Question

Which ranks the following atoms (Li, Na, K, Rb) from the smallest to largest atomic radius?
(A) ${\text{Li}} < {\text{Na}} < {\text{K}} < {\text{Rb}}$
(B) ${\text{Rb}} < {\text{K}} < {\text{Na}} < {\text{Li}}$
(C) ${\text{K}} < {\text{Na}} < {\text{Li}} < {\text{Rb}}$
(D) ${\text{Na}} < {\text{Li}} < {\text{Rb}} < {\text{K}}$

Answer 1

Hint: Atomic radius can be defined as a distance from the nucleus of the atom to the outermost electron. Since the orbitals around the atoms are the probability distribution and do not have fixed boundaries. An average size for most atoms can be determined by comparing the bond lengths of the number of compounds of an element.
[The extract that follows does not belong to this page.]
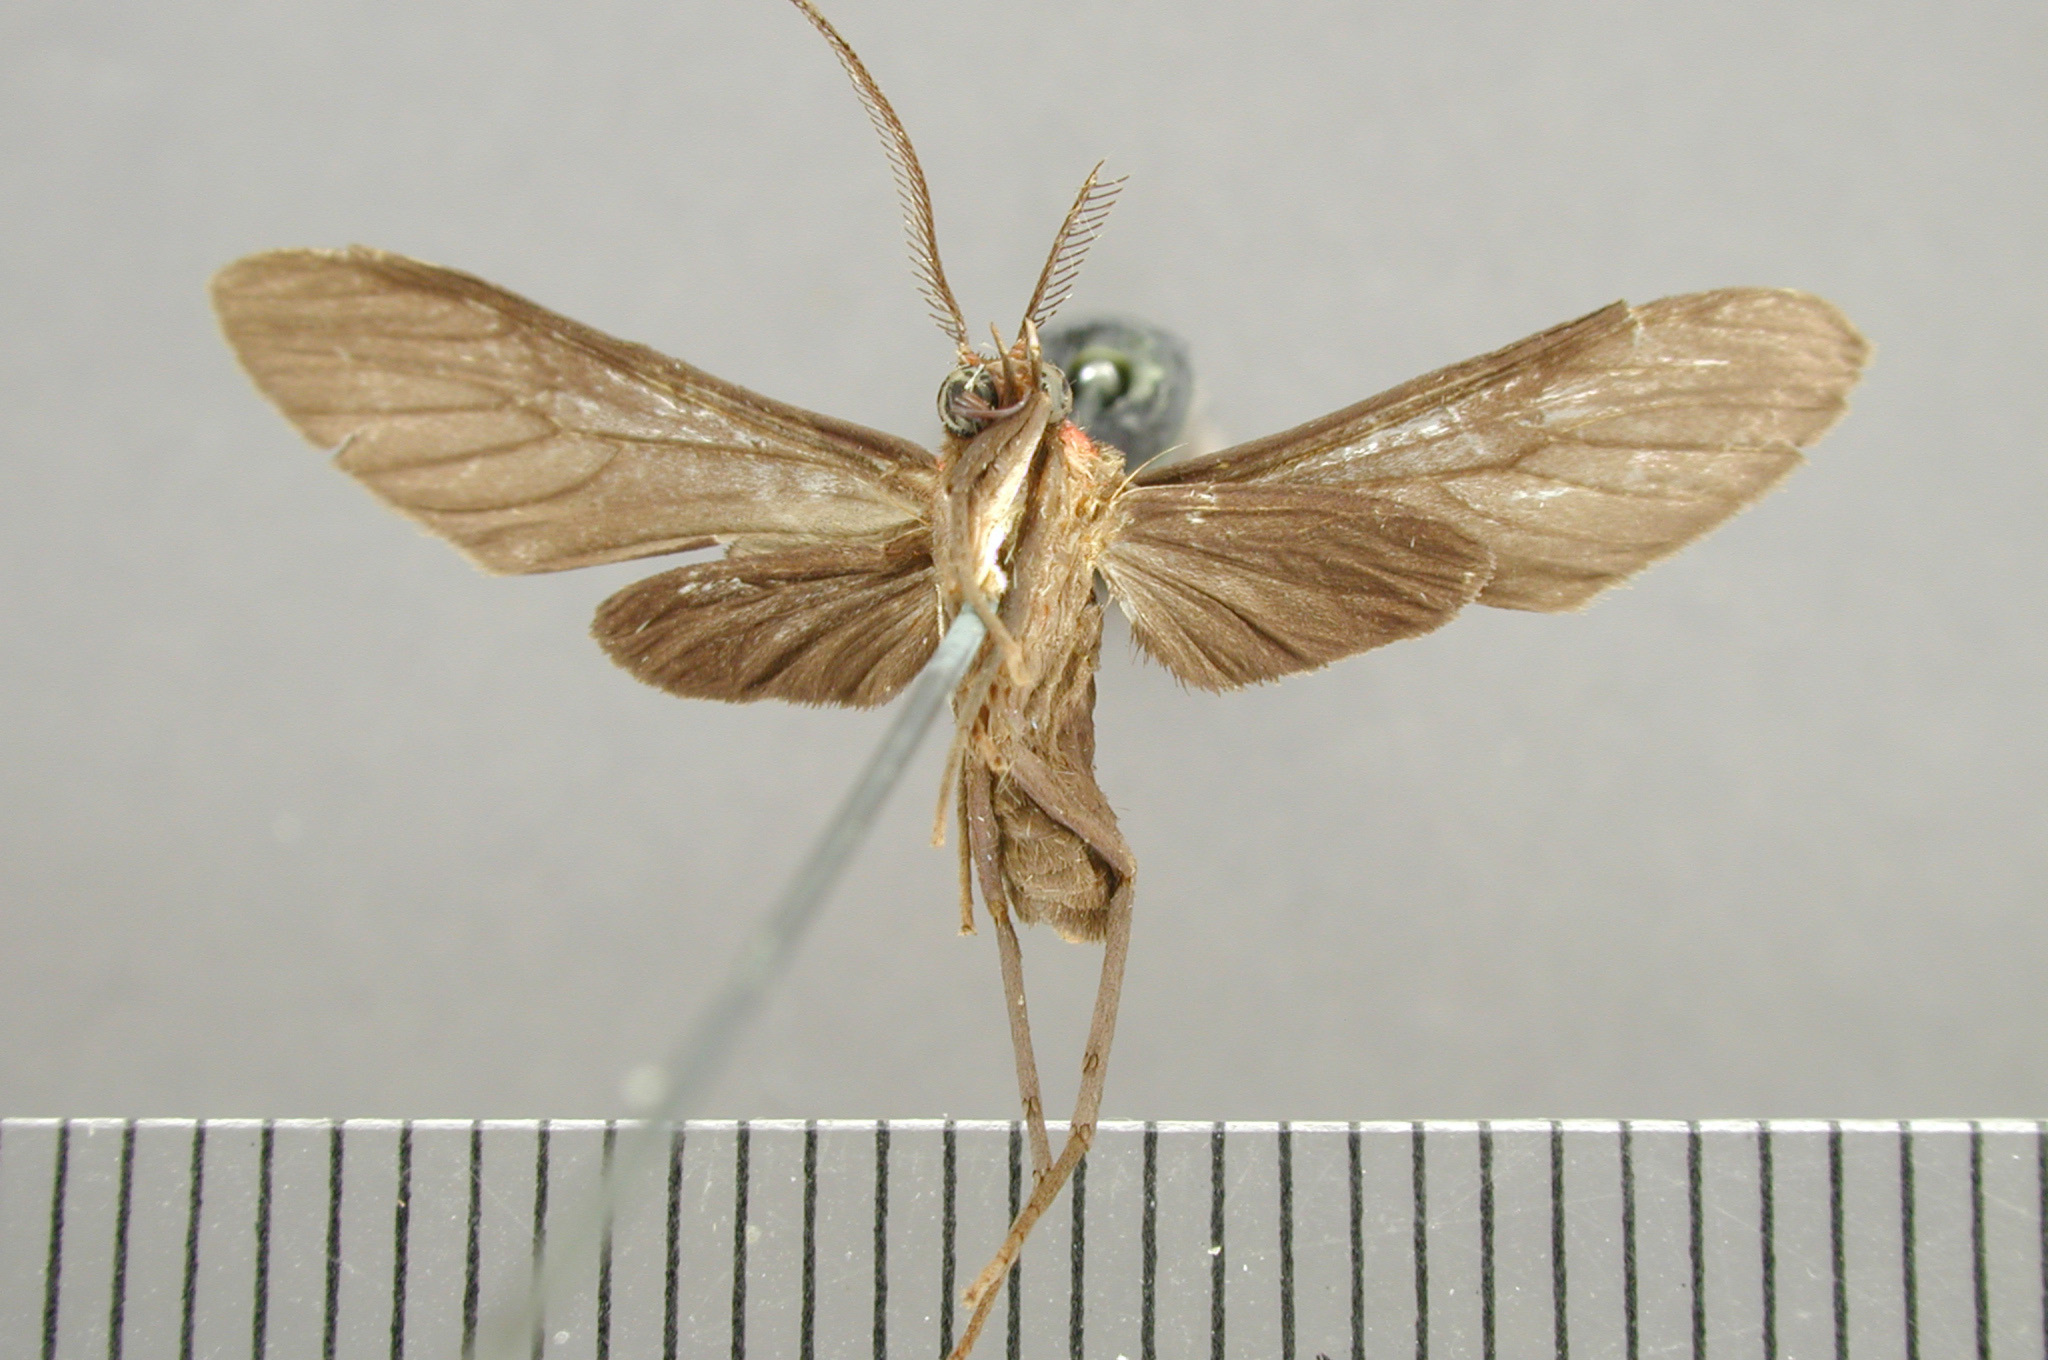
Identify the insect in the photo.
Saurita latens
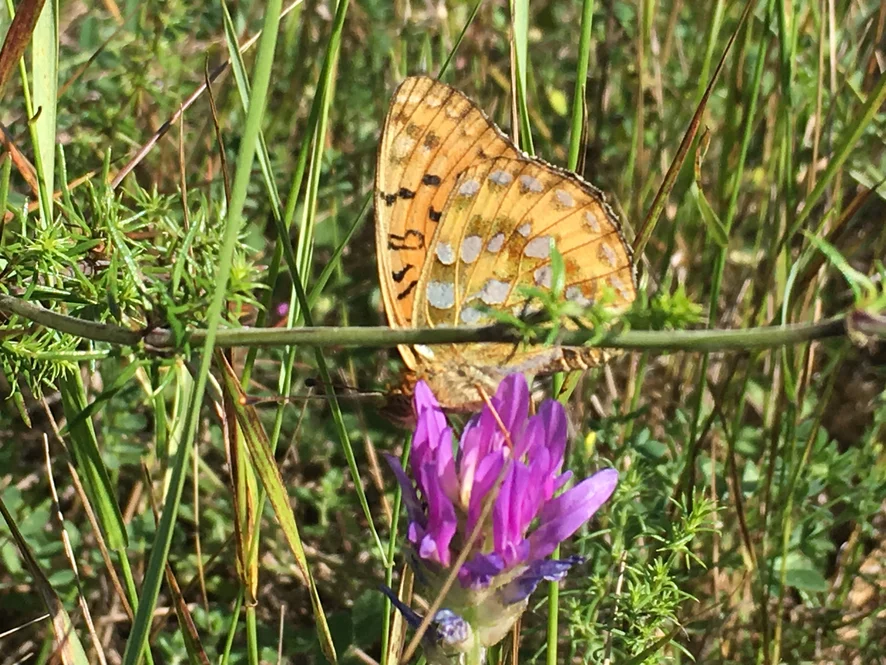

Complete step by step answer:
On moving down the group, number of shells increases in an atom and due to this increase in the number of shells, atomic size increases. Also on moving down the group, effective nuclear charge between the nucleus and the outermost shell starts decreasing due to which the atomic size increases.
Let us understand this by writing the electronic configuration of the elements given is as follows:
Li: $1{{\text{s}}^{\text{2}}}\;{\text{2}}{{\text{s}}^{\text{1}}}$
Na: $1{{\text{s}}^{\text{2}}}\;{\text{2}}{{\text{s}}^2}\;{\text{2}}{{\text{p}}^{\text{6}}}\;{\text{3}}{{\text{s}}^{\text{1}}}$
K: ${\text{1}}{{\text{s}}^{\text{2}}}\;{\text{2}}{{\text{s}}^{\text{2}}}\;{\text{2}}{{\text{p}}^{\text{6}}}\;{\text{3}}{{\text{s}}^{\text{2}}}\;{\text{3}}{{\text{p}}^{\text{6}}}\;{\text{4}}{{\text{s}}^{\text{1}}}$
Rb: ${\text{1}}{{\text{s}}^{\text{2}}}\;{\text{2}}{{\text{s}}^{\text{2}}}\;{\text{2}}{{\text{p}}^{\text{6}}}\;{\text{3}}{{\text{s}}^{\text{2}}}\;{\text{3}}{{\text{p}}^{\text{6}}}\;{\text{3}}{{\text{d}}^{{\text{10}}}}\;{\text{4}}{{\text{s}}^{\text{2}}}\;{\text{4}}{{\text{p}}^{\text{6}}}\;{\text{4}}{{\text{d}}^{{\text{10}}}}\;{\text{5}}{{\text{s}}^{\text{2}}}\;{\text{5}}{{\text{p}}^{\text{6}}}\;{\text{6}}{{\text{s}}^{\text{1}}}$
As we can see from the electronic configuration that the Li, Na, K and Cs belongs to the same group as the outer shell electron configurations are same i.e. ${\text{n}}{{\text{s}}^1}$. From the electronic configuration, we can conclude that the number of shells is increasing on moving down the group due to which atomic radius of the atom increases.
Therefore the correct order for the smallest to largest atomic radius will be ${\text{Li}} < {\text{Na}} < {\text{K}} < {\text{Rb}}$. So, the correct option is (A).

So, the correct answer is Option A.

Note: We need to remember that the atomic radius decreases on moving left to right in a period of periodic table because in period electrons are filled in the same shell. Therefore, they are not able to screen each other and thus the nuclear charge as well as the effective nuclear charge increases, which decrease the radius.